| TASK OBJECTIVE |
Read the listing below and copy out each line where the word "Question" occurs.
RECORDS PROVIDED below:
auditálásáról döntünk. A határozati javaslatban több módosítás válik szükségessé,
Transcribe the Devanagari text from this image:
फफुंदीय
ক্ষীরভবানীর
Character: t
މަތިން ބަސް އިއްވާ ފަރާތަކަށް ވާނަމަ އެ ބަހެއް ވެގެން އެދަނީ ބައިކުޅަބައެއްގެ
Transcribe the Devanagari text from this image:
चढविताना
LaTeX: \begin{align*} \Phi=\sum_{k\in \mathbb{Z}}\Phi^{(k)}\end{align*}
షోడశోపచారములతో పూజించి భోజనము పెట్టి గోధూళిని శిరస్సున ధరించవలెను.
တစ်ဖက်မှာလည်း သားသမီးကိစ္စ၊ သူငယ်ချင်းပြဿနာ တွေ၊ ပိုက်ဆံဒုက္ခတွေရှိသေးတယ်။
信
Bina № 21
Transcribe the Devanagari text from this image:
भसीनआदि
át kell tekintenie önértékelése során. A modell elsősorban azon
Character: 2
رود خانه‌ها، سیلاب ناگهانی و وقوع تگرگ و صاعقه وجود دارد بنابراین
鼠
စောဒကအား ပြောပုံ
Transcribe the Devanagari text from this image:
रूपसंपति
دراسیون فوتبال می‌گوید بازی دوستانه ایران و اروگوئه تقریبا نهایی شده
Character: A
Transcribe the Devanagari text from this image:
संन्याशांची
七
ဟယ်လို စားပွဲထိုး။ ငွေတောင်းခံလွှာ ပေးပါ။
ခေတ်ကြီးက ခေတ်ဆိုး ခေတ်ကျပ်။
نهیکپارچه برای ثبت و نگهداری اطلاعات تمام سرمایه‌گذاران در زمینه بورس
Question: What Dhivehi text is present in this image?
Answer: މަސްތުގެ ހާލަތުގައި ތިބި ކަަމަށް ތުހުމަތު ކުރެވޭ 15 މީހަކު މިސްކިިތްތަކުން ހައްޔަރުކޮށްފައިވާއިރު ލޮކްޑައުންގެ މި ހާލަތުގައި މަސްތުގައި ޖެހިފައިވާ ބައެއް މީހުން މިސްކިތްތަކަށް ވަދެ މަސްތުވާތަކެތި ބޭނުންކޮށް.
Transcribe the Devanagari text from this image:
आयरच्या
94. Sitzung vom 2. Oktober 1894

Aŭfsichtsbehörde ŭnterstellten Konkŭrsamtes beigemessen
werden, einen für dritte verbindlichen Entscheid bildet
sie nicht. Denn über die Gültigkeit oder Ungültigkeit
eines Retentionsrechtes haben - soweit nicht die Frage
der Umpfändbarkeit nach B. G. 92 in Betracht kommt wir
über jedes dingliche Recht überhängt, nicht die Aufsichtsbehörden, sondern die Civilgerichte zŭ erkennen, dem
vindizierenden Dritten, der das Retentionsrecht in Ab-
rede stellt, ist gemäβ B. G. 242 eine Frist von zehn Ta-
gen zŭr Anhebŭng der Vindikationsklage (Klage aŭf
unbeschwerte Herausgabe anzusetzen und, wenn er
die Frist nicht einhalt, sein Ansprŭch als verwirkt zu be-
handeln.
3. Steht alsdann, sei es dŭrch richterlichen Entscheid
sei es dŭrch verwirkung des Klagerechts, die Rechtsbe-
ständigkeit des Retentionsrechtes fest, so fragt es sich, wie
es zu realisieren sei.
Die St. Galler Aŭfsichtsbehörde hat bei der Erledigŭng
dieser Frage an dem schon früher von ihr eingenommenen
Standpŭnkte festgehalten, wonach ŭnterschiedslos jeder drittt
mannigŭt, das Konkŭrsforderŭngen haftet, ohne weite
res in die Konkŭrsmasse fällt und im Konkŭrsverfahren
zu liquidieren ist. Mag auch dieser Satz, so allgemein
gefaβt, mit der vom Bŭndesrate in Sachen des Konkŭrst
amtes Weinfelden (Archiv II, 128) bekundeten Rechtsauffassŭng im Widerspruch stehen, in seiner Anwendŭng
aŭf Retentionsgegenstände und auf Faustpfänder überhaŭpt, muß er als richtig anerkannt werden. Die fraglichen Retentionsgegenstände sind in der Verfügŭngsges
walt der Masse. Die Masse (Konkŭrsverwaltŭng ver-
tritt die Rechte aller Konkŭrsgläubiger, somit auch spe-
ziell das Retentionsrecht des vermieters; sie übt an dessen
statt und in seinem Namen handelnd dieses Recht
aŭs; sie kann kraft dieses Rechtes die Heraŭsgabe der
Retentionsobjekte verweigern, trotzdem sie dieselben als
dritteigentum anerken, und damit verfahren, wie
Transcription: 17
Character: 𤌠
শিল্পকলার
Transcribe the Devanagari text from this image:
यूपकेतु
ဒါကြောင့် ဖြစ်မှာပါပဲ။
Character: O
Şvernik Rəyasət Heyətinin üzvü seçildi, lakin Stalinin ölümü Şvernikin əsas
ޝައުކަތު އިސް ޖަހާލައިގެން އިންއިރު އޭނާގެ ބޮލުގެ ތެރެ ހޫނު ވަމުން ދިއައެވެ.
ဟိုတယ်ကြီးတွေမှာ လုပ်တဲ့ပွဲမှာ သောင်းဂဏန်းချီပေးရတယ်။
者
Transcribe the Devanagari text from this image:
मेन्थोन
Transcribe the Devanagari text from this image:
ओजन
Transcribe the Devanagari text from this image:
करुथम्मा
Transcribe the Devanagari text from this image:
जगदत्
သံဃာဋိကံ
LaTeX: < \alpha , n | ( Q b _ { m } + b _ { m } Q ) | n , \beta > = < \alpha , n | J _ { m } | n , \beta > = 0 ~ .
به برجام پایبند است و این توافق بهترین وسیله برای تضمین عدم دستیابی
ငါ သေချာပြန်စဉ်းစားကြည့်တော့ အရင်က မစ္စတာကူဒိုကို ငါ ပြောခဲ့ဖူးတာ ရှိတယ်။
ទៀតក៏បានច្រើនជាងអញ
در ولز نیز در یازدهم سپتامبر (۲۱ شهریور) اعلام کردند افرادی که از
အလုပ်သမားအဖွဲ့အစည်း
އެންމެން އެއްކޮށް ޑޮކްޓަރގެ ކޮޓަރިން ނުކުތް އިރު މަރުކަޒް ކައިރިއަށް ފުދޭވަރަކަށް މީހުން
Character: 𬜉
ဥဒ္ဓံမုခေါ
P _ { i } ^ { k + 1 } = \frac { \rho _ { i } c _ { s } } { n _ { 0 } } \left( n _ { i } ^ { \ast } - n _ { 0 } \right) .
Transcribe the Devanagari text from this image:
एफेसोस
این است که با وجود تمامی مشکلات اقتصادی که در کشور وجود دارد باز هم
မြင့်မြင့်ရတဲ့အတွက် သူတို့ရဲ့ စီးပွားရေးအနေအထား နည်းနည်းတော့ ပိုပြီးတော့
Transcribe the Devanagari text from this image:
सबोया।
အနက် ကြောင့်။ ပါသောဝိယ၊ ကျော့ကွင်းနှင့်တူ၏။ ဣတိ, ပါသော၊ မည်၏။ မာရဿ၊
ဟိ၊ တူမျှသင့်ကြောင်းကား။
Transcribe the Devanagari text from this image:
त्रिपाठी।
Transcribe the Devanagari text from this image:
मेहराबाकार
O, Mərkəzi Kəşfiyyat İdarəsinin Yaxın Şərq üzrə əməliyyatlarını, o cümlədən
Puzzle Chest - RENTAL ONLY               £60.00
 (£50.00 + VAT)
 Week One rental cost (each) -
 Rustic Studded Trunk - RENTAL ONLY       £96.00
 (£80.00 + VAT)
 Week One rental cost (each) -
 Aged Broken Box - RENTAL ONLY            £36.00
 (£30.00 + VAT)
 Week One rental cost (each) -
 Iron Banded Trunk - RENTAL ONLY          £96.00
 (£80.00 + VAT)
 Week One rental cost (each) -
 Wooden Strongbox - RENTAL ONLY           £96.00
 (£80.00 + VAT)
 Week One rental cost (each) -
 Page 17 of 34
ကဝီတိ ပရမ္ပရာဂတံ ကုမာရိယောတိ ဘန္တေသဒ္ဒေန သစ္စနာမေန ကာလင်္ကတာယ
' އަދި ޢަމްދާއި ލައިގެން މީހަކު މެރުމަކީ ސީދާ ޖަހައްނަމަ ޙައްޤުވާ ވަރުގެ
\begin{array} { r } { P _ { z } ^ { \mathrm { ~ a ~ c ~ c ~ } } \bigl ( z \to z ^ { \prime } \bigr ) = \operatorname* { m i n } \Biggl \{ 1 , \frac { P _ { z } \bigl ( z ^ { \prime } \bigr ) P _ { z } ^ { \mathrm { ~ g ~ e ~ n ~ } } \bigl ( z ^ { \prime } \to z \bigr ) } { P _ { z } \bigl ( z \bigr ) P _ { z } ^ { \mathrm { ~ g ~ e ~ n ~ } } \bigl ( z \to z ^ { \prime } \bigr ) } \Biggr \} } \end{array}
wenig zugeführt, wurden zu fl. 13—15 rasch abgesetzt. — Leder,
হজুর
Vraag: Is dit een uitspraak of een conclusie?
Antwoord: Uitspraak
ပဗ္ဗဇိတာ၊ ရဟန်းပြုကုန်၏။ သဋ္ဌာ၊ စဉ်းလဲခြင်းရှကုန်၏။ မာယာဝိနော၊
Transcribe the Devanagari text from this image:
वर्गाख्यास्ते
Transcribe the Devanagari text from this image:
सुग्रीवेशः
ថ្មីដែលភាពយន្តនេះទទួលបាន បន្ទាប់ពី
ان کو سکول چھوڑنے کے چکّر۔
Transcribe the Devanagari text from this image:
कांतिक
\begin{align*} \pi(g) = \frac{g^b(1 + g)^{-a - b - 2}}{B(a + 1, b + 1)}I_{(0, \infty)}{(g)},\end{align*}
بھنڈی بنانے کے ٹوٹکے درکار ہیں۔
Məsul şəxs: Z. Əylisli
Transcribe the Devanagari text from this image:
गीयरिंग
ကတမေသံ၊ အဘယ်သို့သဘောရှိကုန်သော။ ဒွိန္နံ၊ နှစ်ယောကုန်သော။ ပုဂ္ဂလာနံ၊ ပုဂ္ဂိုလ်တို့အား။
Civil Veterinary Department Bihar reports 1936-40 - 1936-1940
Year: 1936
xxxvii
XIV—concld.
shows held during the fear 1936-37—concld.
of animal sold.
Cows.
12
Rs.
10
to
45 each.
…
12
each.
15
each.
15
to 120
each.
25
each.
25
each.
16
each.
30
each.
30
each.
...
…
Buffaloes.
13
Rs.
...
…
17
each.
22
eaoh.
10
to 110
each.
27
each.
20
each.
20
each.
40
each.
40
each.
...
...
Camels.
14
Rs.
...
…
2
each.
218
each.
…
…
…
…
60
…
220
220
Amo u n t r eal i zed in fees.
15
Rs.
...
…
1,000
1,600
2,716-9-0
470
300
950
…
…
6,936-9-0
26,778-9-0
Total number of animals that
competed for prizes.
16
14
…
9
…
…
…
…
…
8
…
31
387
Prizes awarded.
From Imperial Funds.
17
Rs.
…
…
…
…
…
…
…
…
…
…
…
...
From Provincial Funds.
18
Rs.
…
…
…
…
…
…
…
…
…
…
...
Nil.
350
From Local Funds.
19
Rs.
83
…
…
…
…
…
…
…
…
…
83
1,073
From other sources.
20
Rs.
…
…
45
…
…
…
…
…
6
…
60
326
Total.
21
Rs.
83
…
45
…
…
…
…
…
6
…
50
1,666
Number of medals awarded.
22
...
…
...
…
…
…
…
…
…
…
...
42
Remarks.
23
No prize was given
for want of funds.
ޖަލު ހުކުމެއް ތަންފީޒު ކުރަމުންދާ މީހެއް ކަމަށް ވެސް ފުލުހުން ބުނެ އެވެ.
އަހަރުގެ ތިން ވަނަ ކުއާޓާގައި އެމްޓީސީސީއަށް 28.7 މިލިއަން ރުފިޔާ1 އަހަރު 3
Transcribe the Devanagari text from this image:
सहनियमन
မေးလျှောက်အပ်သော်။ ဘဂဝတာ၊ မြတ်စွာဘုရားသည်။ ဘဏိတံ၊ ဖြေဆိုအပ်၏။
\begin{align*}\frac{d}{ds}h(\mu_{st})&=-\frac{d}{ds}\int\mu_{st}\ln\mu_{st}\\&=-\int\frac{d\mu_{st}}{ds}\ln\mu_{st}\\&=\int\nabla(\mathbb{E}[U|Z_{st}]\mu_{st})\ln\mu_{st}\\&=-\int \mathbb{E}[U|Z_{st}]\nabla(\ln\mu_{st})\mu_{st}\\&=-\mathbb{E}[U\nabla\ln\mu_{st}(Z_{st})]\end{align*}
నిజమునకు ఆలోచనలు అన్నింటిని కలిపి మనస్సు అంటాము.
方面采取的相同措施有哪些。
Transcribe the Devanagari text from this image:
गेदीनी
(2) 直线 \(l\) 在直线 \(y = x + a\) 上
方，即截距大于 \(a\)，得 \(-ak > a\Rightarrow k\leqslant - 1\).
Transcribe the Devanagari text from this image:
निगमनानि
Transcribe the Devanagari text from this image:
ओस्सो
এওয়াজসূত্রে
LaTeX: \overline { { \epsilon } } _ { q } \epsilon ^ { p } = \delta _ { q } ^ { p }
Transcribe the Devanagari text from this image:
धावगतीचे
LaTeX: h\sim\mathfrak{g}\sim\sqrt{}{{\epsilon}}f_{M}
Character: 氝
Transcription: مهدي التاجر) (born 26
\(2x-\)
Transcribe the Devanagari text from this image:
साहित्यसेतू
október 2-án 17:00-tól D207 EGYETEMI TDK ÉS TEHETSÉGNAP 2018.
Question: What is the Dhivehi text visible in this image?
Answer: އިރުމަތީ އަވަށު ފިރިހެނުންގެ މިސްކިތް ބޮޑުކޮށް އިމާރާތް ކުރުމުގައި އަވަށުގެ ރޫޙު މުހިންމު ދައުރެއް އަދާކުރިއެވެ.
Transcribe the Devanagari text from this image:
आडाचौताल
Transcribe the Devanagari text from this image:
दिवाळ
End of RECORDS PROVIDED.
| RESULT |
Question: What Dhivehi text is present in this image?
Question: What is the Dhivehi text visible in this image?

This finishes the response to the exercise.